++++ SUPPLIED RECORDS ++++

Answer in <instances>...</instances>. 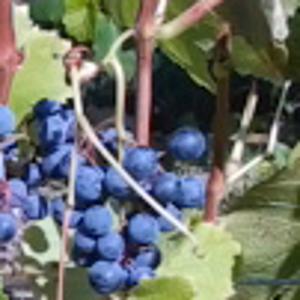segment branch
<instances>
[{
	"label": "branch",
	"instance_id": "obj_3",
	"mask_svg": "<svg viewBox=\"0 0 300 300\" xmlns=\"http://www.w3.org/2000/svg\"><path fill=\"white\" fill-rule=\"evenodd\" d=\"M23 63L24 50L16 43L12 1L0 0V107L9 104Z\"/></svg>",
	"mask_w": 300,
	"mask_h": 300
},
{
	"label": "branch",
	"instance_id": "obj_2",
	"mask_svg": "<svg viewBox=\"0 0 300 300\" xmlns=\"http://www.w3.org/2000/svg\"><path fill=\"white\" fill-rule=\"evenodd\" d=\"M138 36L135 40L137 87L134 89L136 122L134 138L137 145L153 140V107L155 96L154 10L159 0H140Z\"/></svg>",
	"mask_w": 300,
	"mask_h": 300
},
{
	"label": "branch",
	"instance_id": "obj_1",
	"mask_svg": "<svg viewBox=\"0 0 300 300\" xmlns=\"http://www.w3.org/2000/svg\"><path fill=\"white\" fill-rule=\"evenodd\" d=\"M214 44L218 59L213 89L214 112L208 159V180L203 195V210L209 219H214L219 214L218 200L223 185V163L229 116L228 93L233 50L230 47L229 27L226 23L219 22L215 25Z\"/></svg>",
	"mask_w": 300,
	"mask_h": 300
}]
</instances>
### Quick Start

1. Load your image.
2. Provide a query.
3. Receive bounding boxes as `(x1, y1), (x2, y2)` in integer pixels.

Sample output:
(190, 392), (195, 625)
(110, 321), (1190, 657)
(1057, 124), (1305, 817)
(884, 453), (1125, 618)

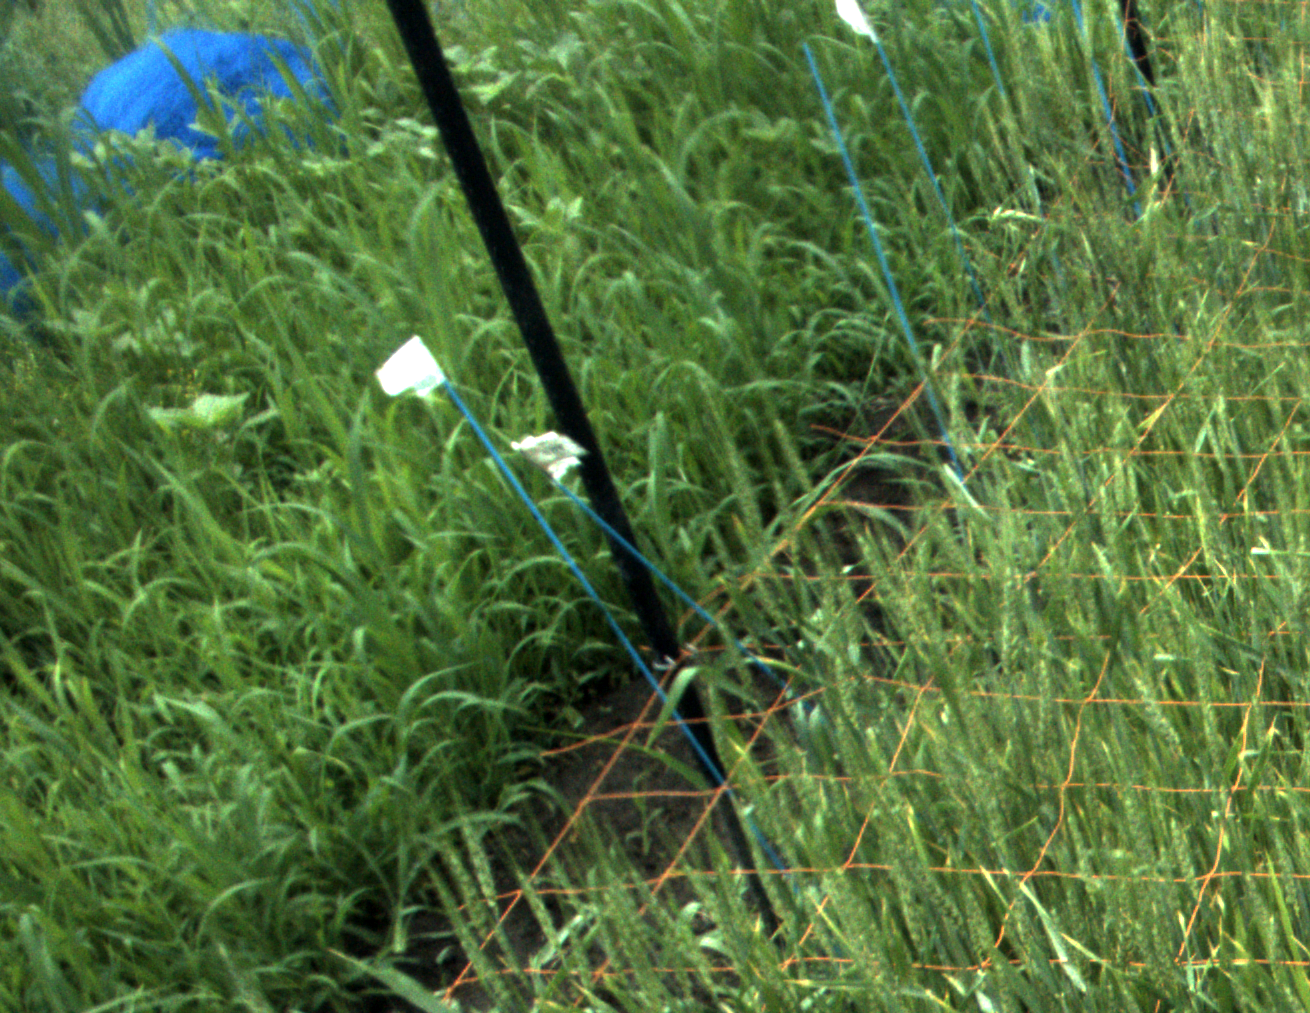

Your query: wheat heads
(456, 925), (522, 1013)
(986, 114), (1014, 173)
(993, 961), (1025, 1013)
(1035, 975), (1055, 1013)
(1193, 492), (1218, 573)
(999, 565), (1023, 673)
(1131, 675), (1181, 744)
(1264, 765), (1278, 788)
(988, 157), (1009, 206)
(1258, 320), (1281, 352)
(567, 925), (597, 992)
(1166, 117), (1194, 168)
(1292, 528), (1310, 622)
(604, 863), (652, 937)
(1248, 693), (1269, 746)
(1034, 659), (1050, 755)
(1230, 971), (1257, 1013)
(493, 923), (520, 974)
(1115, 881), (1138, 968)
(626, 864), (715, 986)
(897, 841), (973, 929)
(974, 240), (1003, 293)
(460, 818), (497, 906)
(913, 777), (952, 843)
(916, 600), (949, 655)
(772, 739), (800, 774)
(1292, 277), (1307, 325)
(1220, 865), (1238, 905)
(1081, 721), (1115, 785)
(218, 943), (291, 1013)
(880, 754), (907, 807)
(998, 280), (1024, 318)
(1101, 459), (1117, 494)
(1112, 452), (1128, 509)
(1175, 350), (1208, 413)
(1142, 120), (1162, 179)
(1126, 462), (1140, 503)
(1043, 464), (1071, 513)
(447, 846), (490, 935)
(613, 897), (656, 988)
(1065, 815), (1103, 895)
(1184, 305), (1221, 387)
(1097, 484), (1118, 550)
(1067, 416), (1084, 460)
(831, 653), (864, 729)
(525, 999), (546, 1013)
(709, 533), (737, 587)
(1131, 869), (1155, 917)
(1079, 756), (1102, 827)
(1169, 814), (1200, 897)
(1281, 65), (1300, 123)
(1104, 980), (1121, 1013)
(1004, 864), (1032, 935)
(697, 882), (753, 970)
(935, 737), (974, 808)
(1289, 63), (1300, 99)
(1190, 645), (1224, 758)
(1123, 790), (1160, 865)
(1230, 150), (1253, 218)
(995, 89), (1028, 158)
(1273, 836), (1301, 906)
(1149, 873), (1182, 943)
(1019, 339), (1033, 381)
(1037, 350), (1051, 370)
(1050, 905), (1067, 937)
(969, 762), (1011, 849)
(1218, 390), (1233, 447)
(837, 581), (865, 645)
(1105, 213), (1134, 279)
(1258, 980), (1279, 1013)
(772, 478), (802, 561)
(947, 431), (977, 475)
(1276, 427), (1294, 474)
(1281, 984), (1310, 1013)
(948, 373), (961, 433)
(600, 930), (630, 983)
(811, 554), (843, 650)
(1212, 55), (1233, 114)
(1274, 474), (1296, 548)
(773, 416), (811, 493)
(715, 619), (754, 689)
(752, 939), (798, 1003)
(1173, 50), (1198, 101)
(855, 527), (917, 637)
(964, 142), (985, 184)
(1145, 769), (1170, 835)
(751, 843), (789, 919)
(834, 715), (862, 775)
(1106, 418), (1124, 450)
(1247, 871), (1273, 932)
(1201, 454), (1215, 487)
(998, 700), (1020, 735)
(1133, 918), (1168, 992)
(722, 439), (766, 547)
(1283, 329), (1306, 368)
(934, 520), (977, 585)
(1194, 467), (1235, 556)
(1302, 723), (1310, 783)
(1293, 353), (1310, 385)
(890, 858), (927, 951)
(961, 887), (995, 951)
(732, 760), (772, 829)
(1182, 37), (1220, 140)
(1100, 872), (1123, 919)
(863, 771), (909, 840)
(1022, 705), (1050, 766)
(1246, 415), (1259, 446)
(1100, 139), (1122, 196)
(789, 771), (835, 826)
(753, 571), (790, 631)
(1085, 51), (1111, 136)
(1108, 50), (1133, 115)
(760, 781), (798, 856)
(1054, 453), (1086, 500)
(1209, 762), (1227, 813)
(802, 896), (832, 952)
(1063, 893), (1094, 985)
(1012, 26), (1083, 167)
(1263, 915), (1280, 974)
(1123, 985), (1153, 1013)
(968, 906), (982, 956)
(1145, 590), (1190, 657)
(825, 878), (906, 1002)
(1077, 570), (1101, 636)
(1260, 378), (1282, 424)
(513, 868), (562, 952)
(1233, 25), (1250, 119)
(1207, 423), (1229, 470)
(707, 682), (729, 770)
(911, 538), (932, 598)
(955, 675), (990, 754)
(1151, 923), (1180, 980)
(988, 744), (1009, 809)
(1079, 404), (1090, 451)
(827, 774), (854, 831)
(1296, 383), (1310, 427)
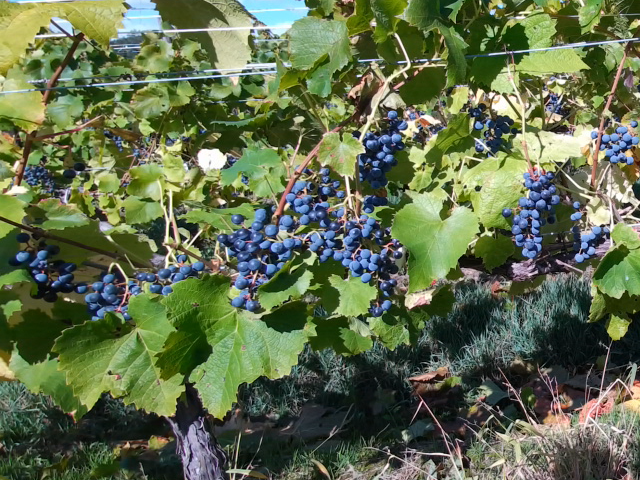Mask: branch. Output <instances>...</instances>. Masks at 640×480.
<instances>
[{"label": "branch", "mask_w": 640, "mask_h": 480, "mask_svg": "<svg viewBox=\"0 0 640 480\" xmlns=\"http://www.w3.org/2000/svg\"><path fill=\"white\" fill-rule=\"evenodd\" d=\"M129 263H130L131 265L135 266L136 268L141 269V270H145V269H146V266H145L144 264H141V263H139V262H137V261H135V260H133V259H130V260H129Z\"/></svg>", "instance_id": "2b1400db"}, {"label": "branch", "mask_w": 640, "mask_h": 480, "mask_svg": "<svg viewBox=\"0 0 640 480\" xmlns=\"http://www.w3.org/2000/svg\"><path fill=\"white\" fill-rule=\"evenodd\" d=\"M51 94H52V92H50V93H44V94H43V96H42V98H41V103H42V104H44V105H47V104H48L49 97L51 96Z\"/></svg>", "instance_id": "8bde2521"}, {"label": "branch", "mask_w": 640, "mask_h": 480, "mask_svg": "<svg viewBox=\"0 0 640 480\" xmlns=\"http://www.w3.org/2000/svg\"><path fill=\"white\" fill-rule=\"evenodd\" d=\"M0 221L3 222V223H6V224L12 225V226H16V227H18L20 229H25V230H28V231L36 232L39 235H41L43 237H46V238H49V239L58 240V241L69 243V244L77 246V247H81L82 249H85V250H87L89 252L107 255V256H110L112 258H116V259L122 260L124 263L128 262L127 257L124 256V255H121V254H118V253H114L112 251L105 250V249L95 248V247L89 246L87 244H84L83 242H79V241H76V240L68 238V237H64V236H60V235H56V234H51V233L43 231L40 228L35 227V226L23 224L21 222H18V221H15V220H11V219L3 217V216H0Z\"/></svg>", "instance_id": "30e6481e"}, {"label": "branch", "mask_w": 640, "mask_h": 480, "mask_svg": "<svg viewBox=\"0 0 640 480\" xmlns=\"http://www.w3.org/2000/svg\"><path fill=\"white\" fill-rule=\"evenodd\" d=\"M165 247L169 248V249L176 250V251H181V252H183V253H185L187 255H191V256L195 257L196 259H198V260L202 261L203 263H205L208 266L209 269H211L213 272H215V273H217L219 275H222V276H227L228 275L227 271L221 270L220 268L215 267L210 260H208L203 255H200V254H198L197 252H195L193 250H189L186 247L178 246V245L171 244V243H166Z\"/></svg>", "instance_id": "1ff4a987"}, {"label": "branch", "mask_w": 640, "mask_h": 480, "mask_svg": "<svg viewBox=\"0 0 640 480\" xmlns=\"http://www.w3.org/2000/svg\"><path fill=\"white\" fill-rule=\"evenodd\" d=\"M323 143H324V140L320 139L315 145V147L313 148L312 152L304 160H302L301 163L297 166V169L295 170L291 180L289 181V183L285 187V190L282 192L280 196V204L278 206V211L275 212L276 217H279L280 215L283 214V208L285 207V199L287 194L291 192V188L297 181L298 176L303 171V168L316 156V154L320 150V146H322Z\"/></svg>", "instance_id": "170604dd"}, {"label": "branch", "mask_w": 640, "mask_h": 480, "mask_svg": "<svg viewBox=\"0 0 640 480\" xmlns=\"http://www.w3.org/2000/svg\"><path fill=\"white\" fill-rule=\"evenodd\" d=\"M505 71L506 74L508 76V80L510 82V85L512 87V90L516 96V100L519 106V109L521 111V116H520V132H521V150H522V154L523 157L526 161L528 170H529V176L533 177L534 176V168H533V164L532 161L528 155V151L526 148V130H525V118H526V109L525 106L523 104V100L521 98V93L518 90V87L515 83V80L513 78V74L511 72V68H510V59L506 58L505 59Z\"/></svg>", "instance_id": "325d2c04"}, {"label": "branch", "mask_w": 640, "mask_h": 480, "mask_svg": "<svg viewBox=\"0 0 640 480\" xmlns=\"http://www.w3.org/2000/svg\"><path fill=\"white\" fill-rule=\"evenodd\" d=\"M84 37L83 33H79L76 40L74 41V43L72 44V46L70 47V49L66 52L65 57L62 60V63L60 65L59 68H57L54 72L53 75L51 76V82L48 83L49 87H52L55 85V83L57 82L58 78L61 76L62 72L64 71L71 55L74 53V51L77 49L79 43L81 42L82 38Z\"/></svg>", "instance_id": "ea751061"}, {"label": "branch", "mask_w": 640, "mask_h": 480, "mask_svg": "<svg viewBox=\"0 0 640 480\" xmlns=\"http://www.w3.org/2000/svg\"><path fill=\"white\" fill-rule=\"evenodd\" d=\"M36 136H37V132L36 131H32L26 137L25 147L23 149V160L19 162V166L17 168L16 176H15V179H14V185L15 186H21L22 185L24 167L28 163V157L30 155V150H31V146H32L31 139H33Z\"/></svg>", "instance_id": "982ccf7c"}, {"label": "branch", "mask_w": 640, "mask_h": 480, "mask_svg": "<svg viewBox=\"0 0 640 480\" xmlns=\"http://www.w3.org/2000/svg\"><path fill=\"white\" fill-rule=\"evenodd\" d=\"M631 48H632V44H628L626 46V48H625V50H624V52L622 54V57L620 59V62L617 65V70H616V73H615V76H614V80H613V84H612V87H611V91L612 92H615L617 90L619 78H620L621 72H622V67L625 64V61L627 59V56L629 55V52H630Z\"/></svg>", "instance_id": "ca6c30ca"}, {"label": "branch", "mask_w": 640, "mask_h": 480, "mask_svg": "<svg viewBox=\"0 0 640 480\" xmlns=\"http://www.w3.org/2000/svg\"><path fill=\"white\" fill-rule=\"evenodd\" d=\"M355 169H356V185H355V191L353 193V196L356 197L355 214L359 215L360 214V209H361V201L363 199V192H362L361 182L359 181V169L360 168L358 167L357 163H356Z\"/></svg>", "instance_id": "1d269e1b"}, {"label": "branch", "mask_w": 640, "mask_h": 480, "mask_svg": "<svg viewBox=\"0 0 640 480\" xmlns=\"http://www.w3.org/2000/svg\"><path fill=\"white\" fill-rule=\"evenodd\" d=\"M360 116V112L356 111L352 116H350L345 122L339 124L337 127H334L332 129V133L336 134L337 132H339L341 129L347 127L351 122H353L357 117Z\"/></svg>", "instance_id": "1af6ec82"}, {"label": "branch", "mask_w": 640, "mask_h": 480, "mask_svg": "<svg viewBox=\"0 0 640 480\" xmlns=\"http://www.w3.org/2000/svg\"><path fill=\"white\" fill-rule=\"evenodd\" d=\"M605 125H606V117L602 116L601 123L597 132V139H596L594 150H593V165L591 167V172H590V187H589L590 191L595 190L597 174H598V169H597L598 168V150L600 149L602 134H603Z\"/></svg>", "instance_id": "45aa463d"}]
</instances>
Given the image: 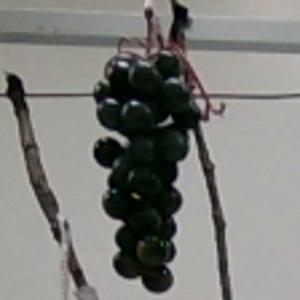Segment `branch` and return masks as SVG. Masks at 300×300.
<instances>
[{
  "label": "branch",
  "mask_w": 300,
  "mask_h": 300,
  "mask_svg": "<svg viewBox=\"0 0 300 300\" xmlns=\"http://www.w3.org/2000/svg\"><path fill=\"white\" fill-rule=\"evenodd\" d=\"M2 72L6 82L5 94L11 101L13 115L18 125V135L29 185L54 241L64 253L67 272L70 274L75 288L72 290V295L76 300H100L97 289L89 283L83 272L73 238L64 222L57 197L50 187L40 148L36 141L30 106L26 99L25 81L16 72L7 70H2Z\"/></svg>",
  "instance_id": "30e6481e"
},
{
  "label": "branch",
  "mask_w": 300,
  "mask_h": 300,
  "mask_svg": "<svg viewBox=\"0 0 300 300\" xmlns=\"http://www.w3.org/2000/svg\"><path fill=\"white\" fill-rule=\"evenodd\" d=\"M190 132L192 133L195 145L197 146L198 163L208 191L214 242L216 244V271L218 273L221 300H234L228 262V242L226 233L228 223L220 200L216 177V165L215 162L212 161L201 121L197 127L190 130Z\"/></svg>",
  "instance_id": "325d2c04"
},
{
  "label": "branch",
  "mask_w": 300,
  "mask_h": 300,
  "mask_svg": "<svg viewBox=\"0 0 300 300\" xmlns=\"http://www.w3.org/2000/svg\"><path fill=\"white\" fill-rule=\"evenodd\" d=\"M173 16L168 29V49L178 53L182 60V73L184 81L192 87V92L196 91L193 74L187 56L186 32L192 29L194 23L190 16V9L183 5L179 0H167Z\"/></svg>",
  "instance_id": "170604dd"
}]
</instances>
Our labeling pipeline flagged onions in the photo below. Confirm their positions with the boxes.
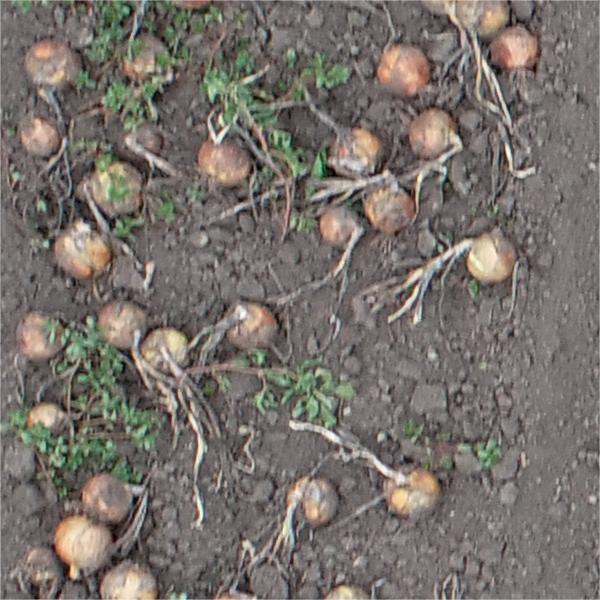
[135,124,165,156]
[457,0,506,38]
[229,301,274,349]
[53,223,111,276]
[490,26,538,69]
[25,400,67,437]
[406,109,455,158]
[331,126,382,175]
[89,162,140,215]
[377,44,430,95]
[16,313,59,358]
[291,477,335,525]
[54,513,114,570]
[363,180,412,232]
[403,468,440,496]
[388,468,439,515]
[199,139,250,187]
[326,583,364,599]
[100,561,159,599]
[82,474,129,523]
[18,116,59,156]
[466,230,514,282]
[317,206,361,248]
[137,326,188,367]
[121,42,164,83]
[19,548,63,593]
[23,39,81,91]
[98,299,147,348]

++++

WORK INSTRUCTIONS: If a line in the records contains "query", report it.

REPLY TO THE TASK:
2. Provide a query.
Your query: wheat heads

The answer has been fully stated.